**Your goal**
Leave out the pictures and give back all the entries exactly as written.
(Listed entries Opens)
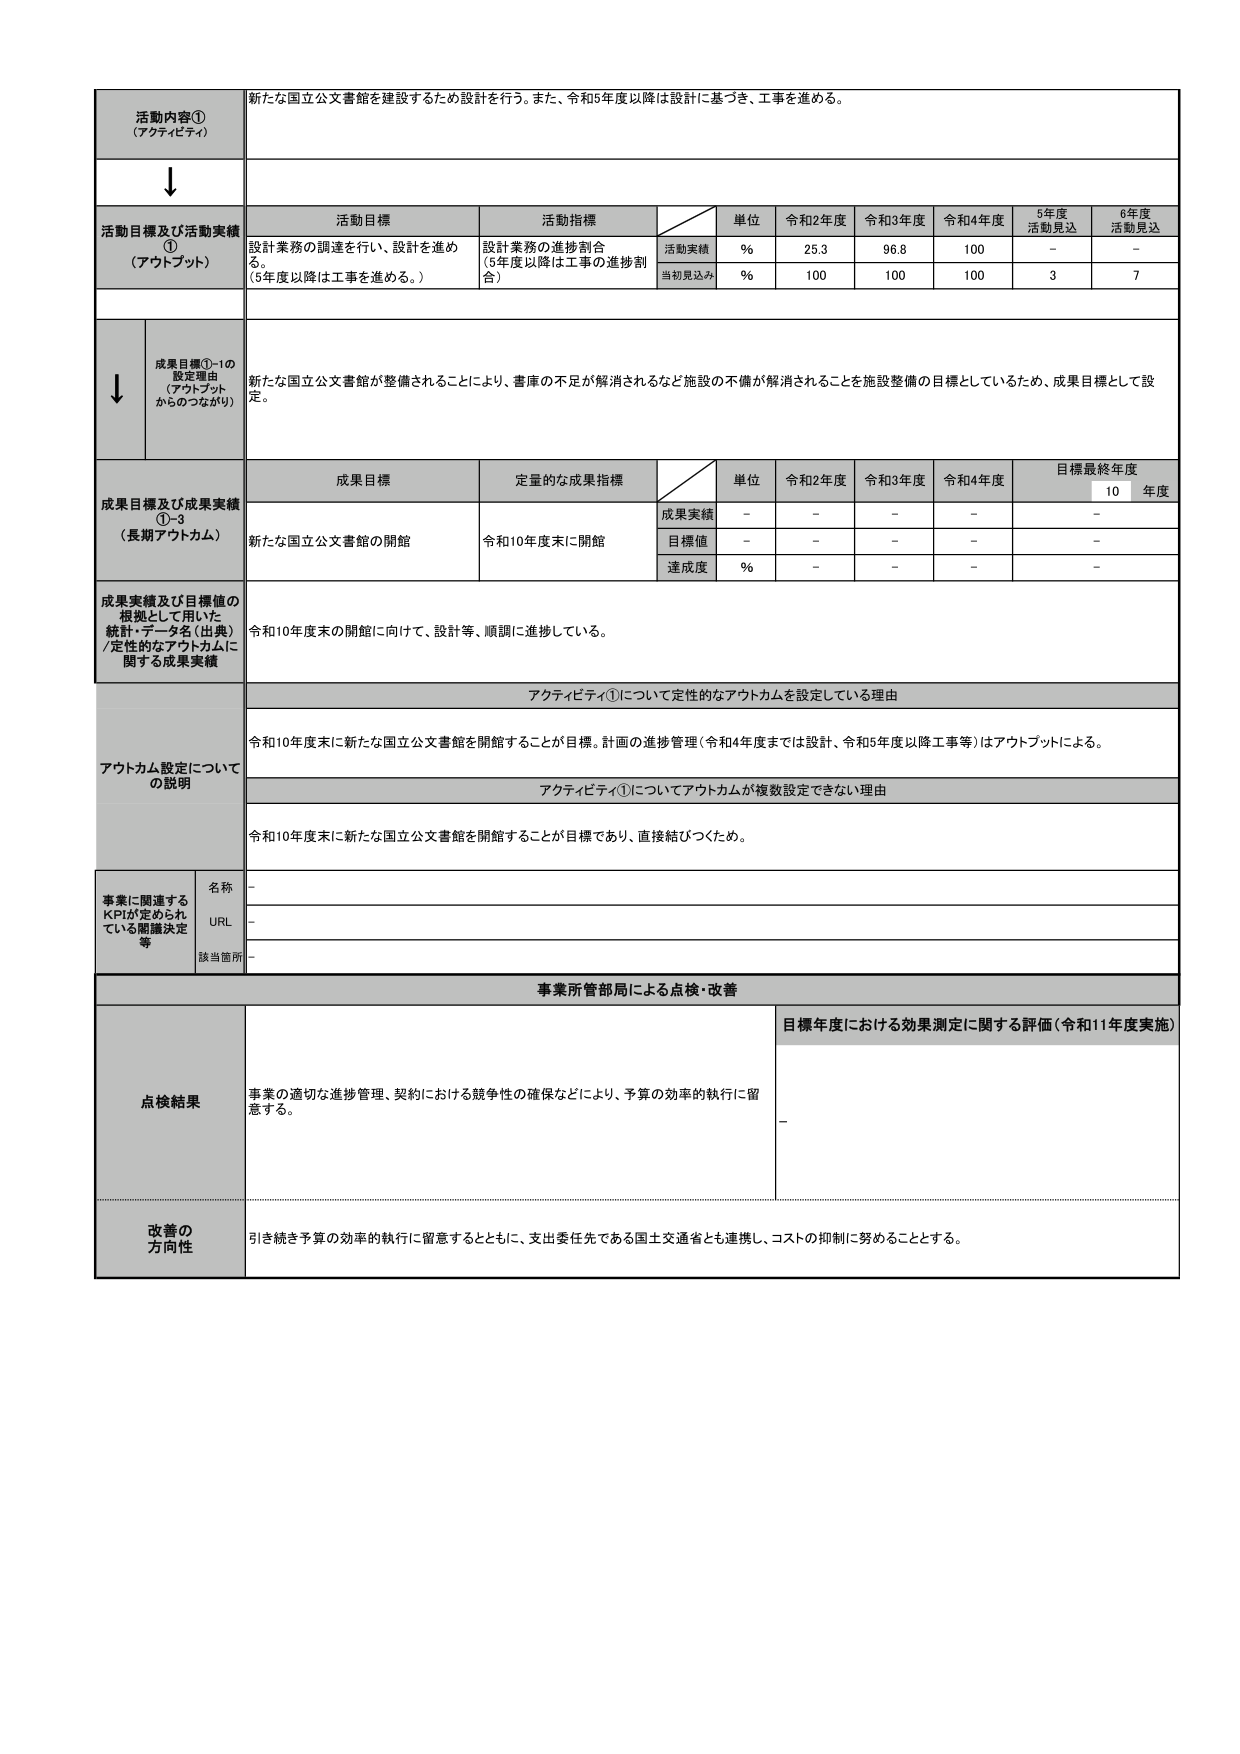
活動内容①
（アクティビティ）
新たな国立公文書館を建設するため設計を行う。また、令和5年度以降は設計に基づき、工事を進める。

↓

活動目標及び活動実績①
（アウトプット）
活動目標
設計業務の調達を行い、設計を進め
る。
（5年度以降は工事を進める。）
活動指標
設計業務の進捗割合
（5年度以降は工事の進捗割合）
単位
%
令和2年度
25.3
令和3年度
96.8
令和4年度
100
5年度
活動見込
－
6年度
活動見込
－
活動実績
%
25.3
96.8
100
－
－
当初見込み
%
100
100
100
3
7

↓

成果目標①-1の
設定理由
（アウトプット
からのつながり）
新たな国立公文書館が整備されることにより、書庫の不足が解消されるなど施設の不備が解消されることを施設整備の目標としているため、成果目標として設定。

成果目標及び成果実績①-3
（長期アウトカム）
成果目標
新たな国立公文書館の開館
定量的な成果指標
令和10年度末に開館
単位
成果実績
－
－
－
－
－
目標値
－
－
－
－
－
達成度
%
－
－
－
－
目標最終年度
10年度

成果実績及び目標値の
根拠として用いた
統計・データ名（出典）
/定性的なアウトカムに
関する成果実績
令和10年度末の開館に向けて、設計等、順調に進捗している。

アウトカム設定について
の説明
アクティビティ①について定性的なアウトカムを設定している理由
令和10年度末に新たな国立公文書館を開館することが目標。計画の進捗管理（令和4年度までは設計、令和5年度以降工事等）はアウトプットによる。
アクティビティ①についてアウトカムが複数設定できない理由
令和10年度末に新たな国立公文書館を開館することが目標であり、直接結びつくため。

事業に関連する
KPIが定められ
ている関連決定
等
名称
－
URL
－
該当箇所
－

事業所管部局による点検・改善

点検結果
事業の適切な進捗管理、契約における競争性の確保などにより、予算の効率的執行に留意する。
目標年度における効果測定に関する評価（令和11年度実施）
－

改善の
方向性
引き続き予算の効率的執行に留意するとともに、支出委任先である国土交通省とも連携し、コストの抑制に努めることとする。
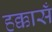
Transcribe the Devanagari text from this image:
हक्कासँ
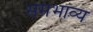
(Listed entries Closes)
**Response for this exercise**
活動内容①
（アクティビティ）
新たな国立公文書館を建設するため設計を行う。また、令和5年度以降は設計に基づき、工事を進める。

↓

活動目標及び活動実績①
（アウトプット）
活動目標
設計業務の調達を行い、設計を進め
る。
（5年度以降は工事を進める。）
活動指標
設計業務の進捗割合
（5年度以降は工事の進捗割合）
単位
%
令和2年度
25.3
令和3年度
96.8
令和4年度
100
5年度
活動見込
－
6年度
活動見込
－
活動実績
%
25.3
96.8
100
－
－
当初見込み
%
100
100
100
3
7

↓

成果目標①-1の
設定理由
（アウトプット
からのつながり）
新たな国立公文書館が整備されることにより、書庫の不足が解消されるなど施設の不備が解消されることを施設整備の目標としているため、成果目標として設定。

成果目標及び成果実績①-3
（長期アウトカム）
成果目標
新たな国立公文書館の開館
定量的な成果指標
令和10年度末に開館
単位
成果実績
－
－
－
－
－
目標値
－
－
－
－
－
達成度
%
－
－
－
－
目標最終年度
10年度

成果実績及び目標値の
根拠として用いた
統計・データ名（出典）
/定性的なアウトカムに
関する成果実績
令和10年度末の開館に向けて、設計等、順調に進捗している。

アウトカム設定について
の説明
アクティビティ①について定性的なアウトカムを設定している理由
令和10年度末に新たな国立公文書館を開館することが目標。計画の進捗管理（令和4年度までは設計、令和5年度以降工事等）はアウトプットによる。
アクティビティ①についてアウトカムが複数設定できない理由
令和10年度末に新たな国立公文書館を開館することが目標であり、直接結びつくため。

事業に関連する
KPIが定められ
ている関連決定
等
名称
－
URL
－
該当箇所
－

事業所管部局による点検・改善

点検結果
事業の適切な進捗管理、契約における競争性の確保などにより、予算の効率的執行に留意する。
目標年度における効果測定に関する評価（令和11年度実施）
－

改善の
方向性
引き続き予算の効率的執行に留意するとともに、支出委任先である国土交通省とも連携し、コストの抑制に努めることとする。
Transcribe the Devanagari text from this image:
हक्कासँ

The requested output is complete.